__Work to complete__: Repeat the entries exactly but omit the pictures.

Data items
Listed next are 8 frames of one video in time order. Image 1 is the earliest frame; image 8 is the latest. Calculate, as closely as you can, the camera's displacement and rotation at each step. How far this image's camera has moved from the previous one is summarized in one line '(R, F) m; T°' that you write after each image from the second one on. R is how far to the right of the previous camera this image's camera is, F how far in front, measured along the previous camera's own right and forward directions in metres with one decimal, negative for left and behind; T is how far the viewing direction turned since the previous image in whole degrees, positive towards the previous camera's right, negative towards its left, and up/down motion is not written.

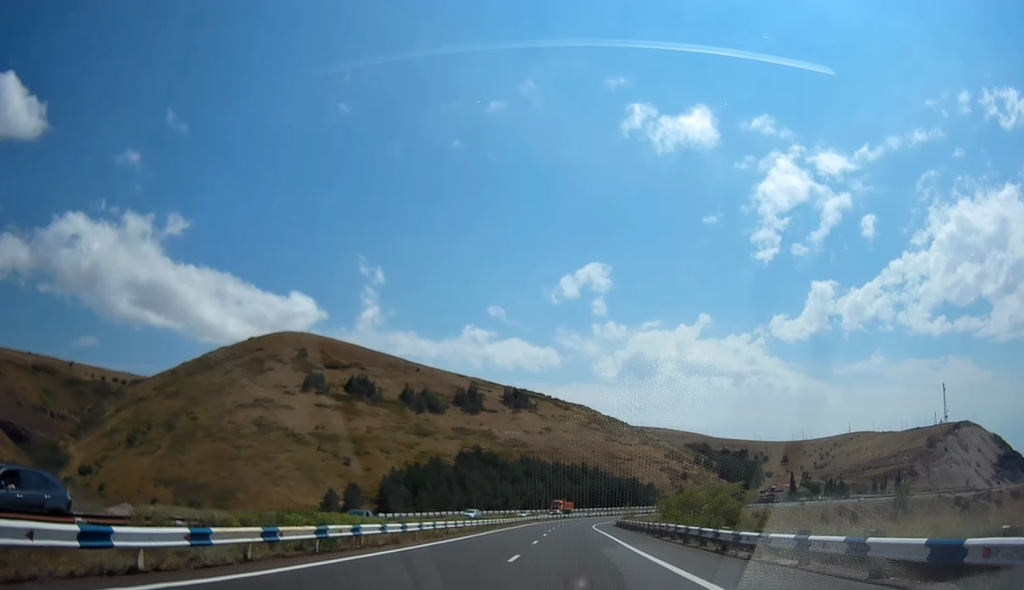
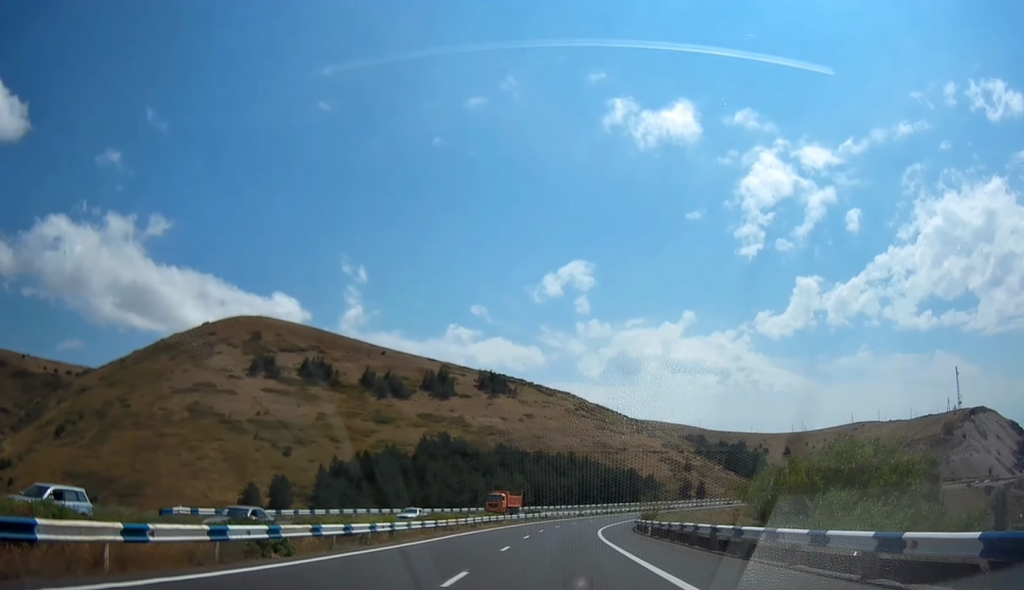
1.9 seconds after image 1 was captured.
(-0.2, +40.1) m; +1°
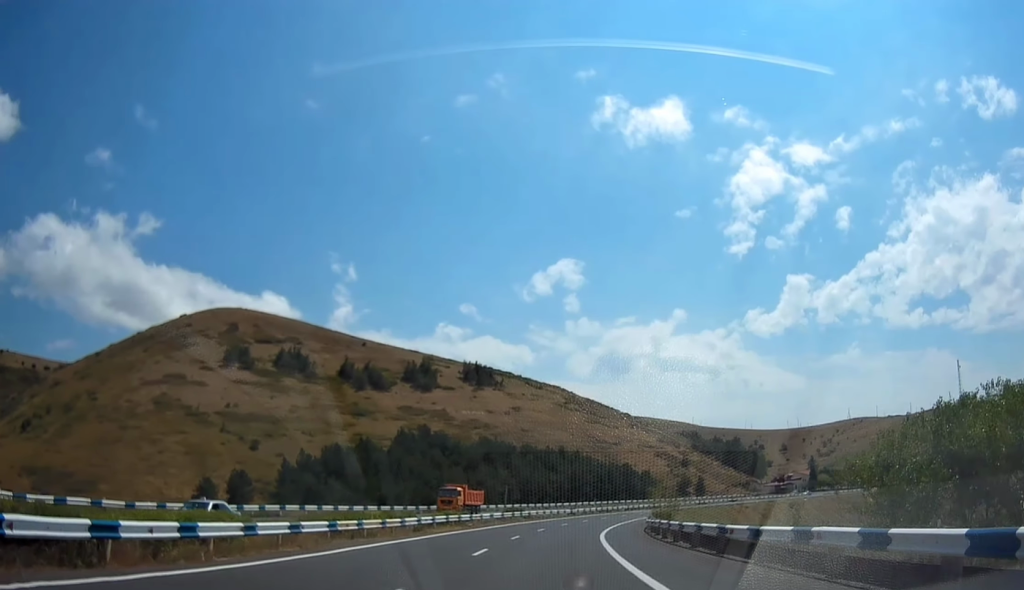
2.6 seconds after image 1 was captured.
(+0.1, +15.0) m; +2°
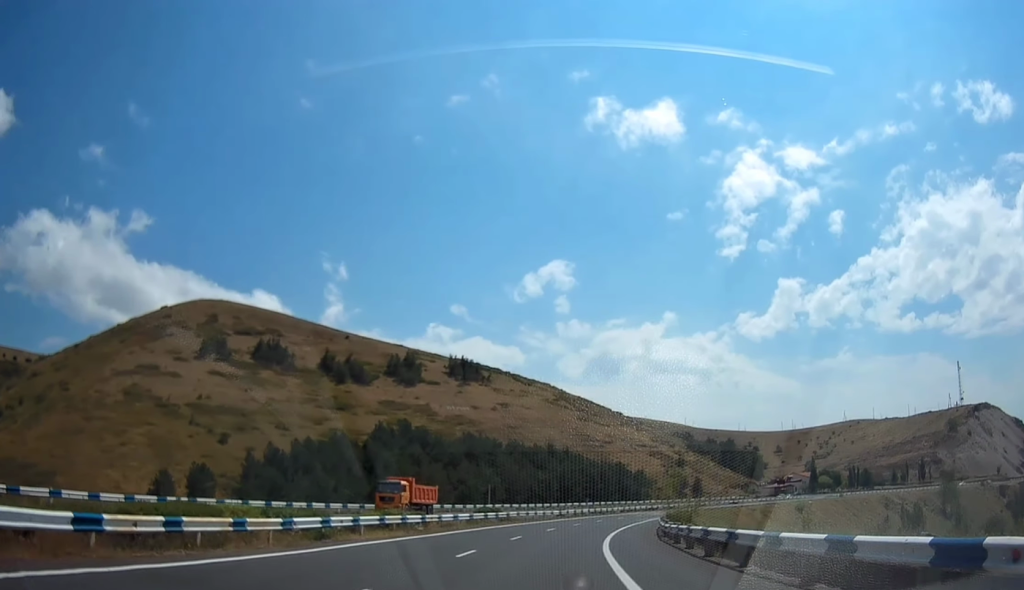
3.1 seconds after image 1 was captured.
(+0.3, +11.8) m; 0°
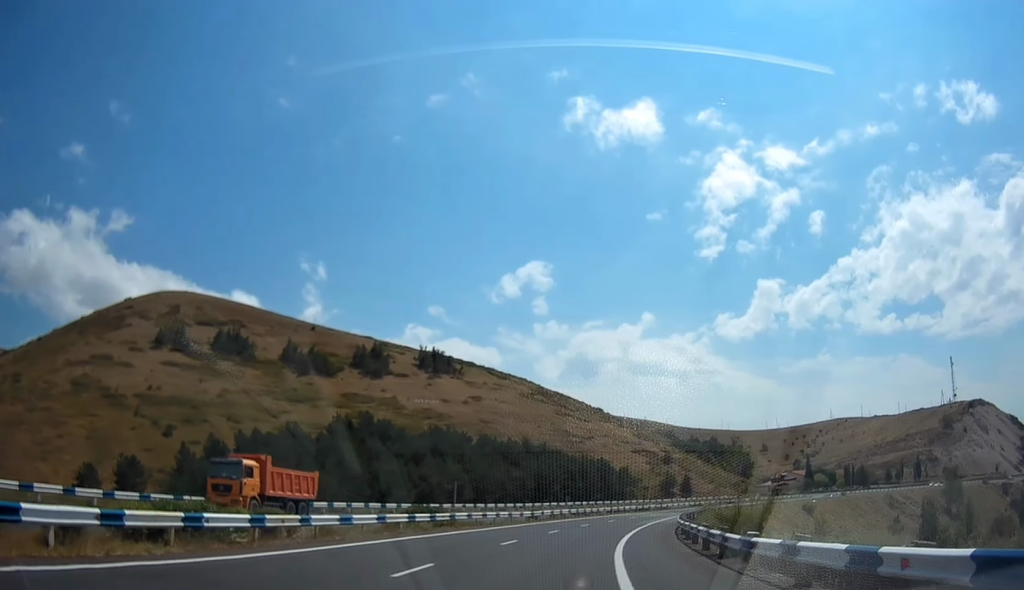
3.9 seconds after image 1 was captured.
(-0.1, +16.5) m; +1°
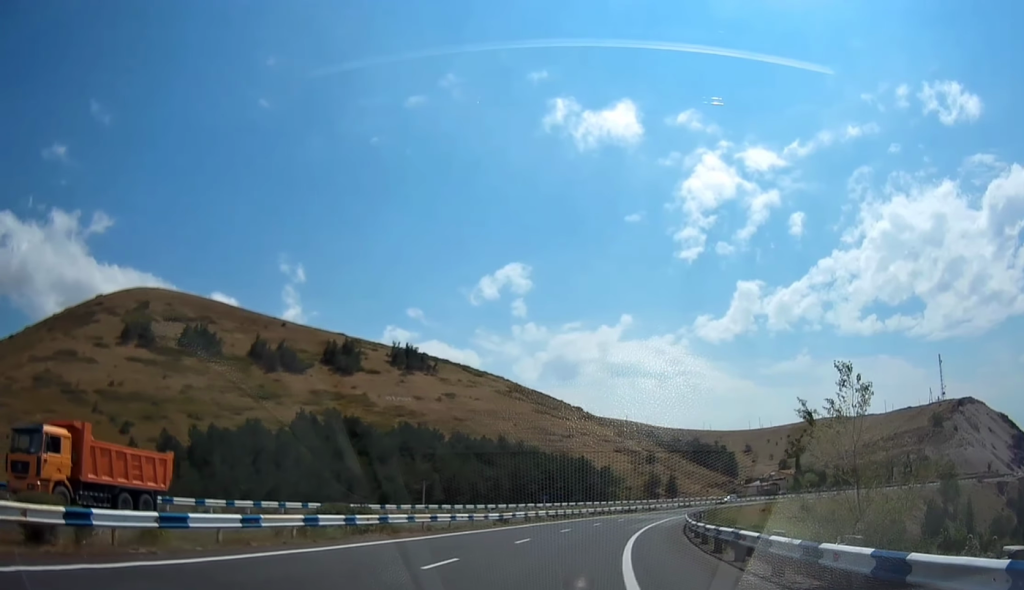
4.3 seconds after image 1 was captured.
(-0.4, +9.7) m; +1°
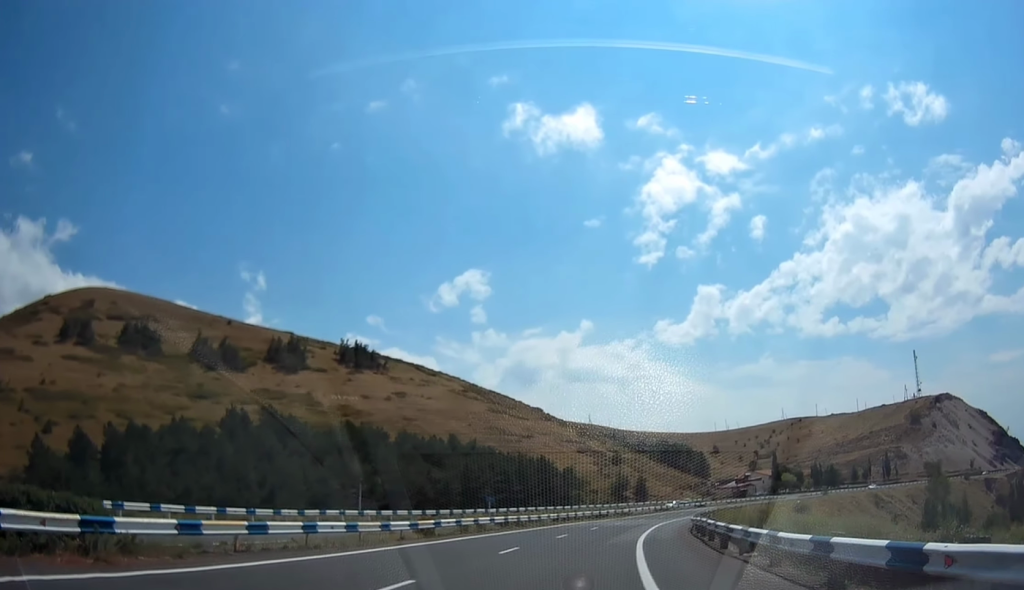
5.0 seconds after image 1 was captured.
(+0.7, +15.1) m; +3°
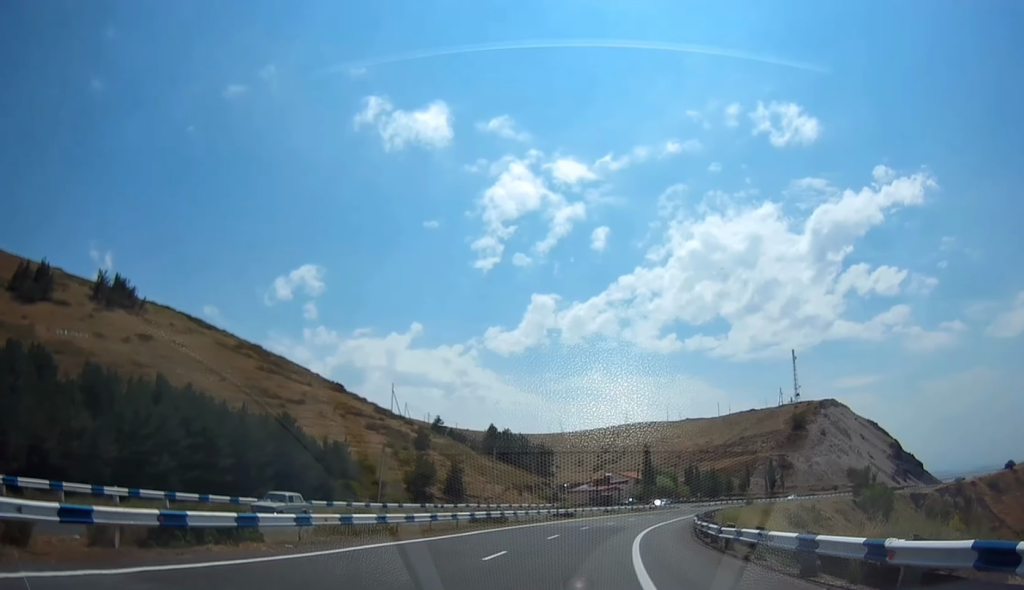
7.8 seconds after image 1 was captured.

__Result for this task__:
Listed next are 8 frames of one video in time order. Image 1 is the earliest frame; image 8 is the latest. Calculate, as closely as you can, the camera's displacement and rotation at each step. How far this image's camera has moved from the previous one is summarized in one line '(R, F) m; T°' that you write after each image from the second one on. R is how far to the right of the previous camera this image's camera is, F how far in front, measured along the previous camera's own right and forward directions in metres with one decimal, negative for left and behind; T is how far the viewing direction turned since the previous image in whole degrees, positive towards the previous camera's right, negative towards its left, and up/down motion is not written.

1.9 seconds after image 1 was captured.
(-0.2, +40.1) m; +1°
2.6 seconds after image 1 was captured.
(+0.1, +15.0) m; +2°
3.1 seconds after image 1 was captured.
(+0.3, +11.8) m; 0°
3.9 seconds after image 1 was captured.
(-0.1, +16.5) m; +1°
4.3 seconds after image 1 was captured.
(-0.4, +9.7) m; +1°
5.0 seconds after image 1 was captured.
(+0.7, +15.1) m; +3°
7.8 seconds after image 1 was captured.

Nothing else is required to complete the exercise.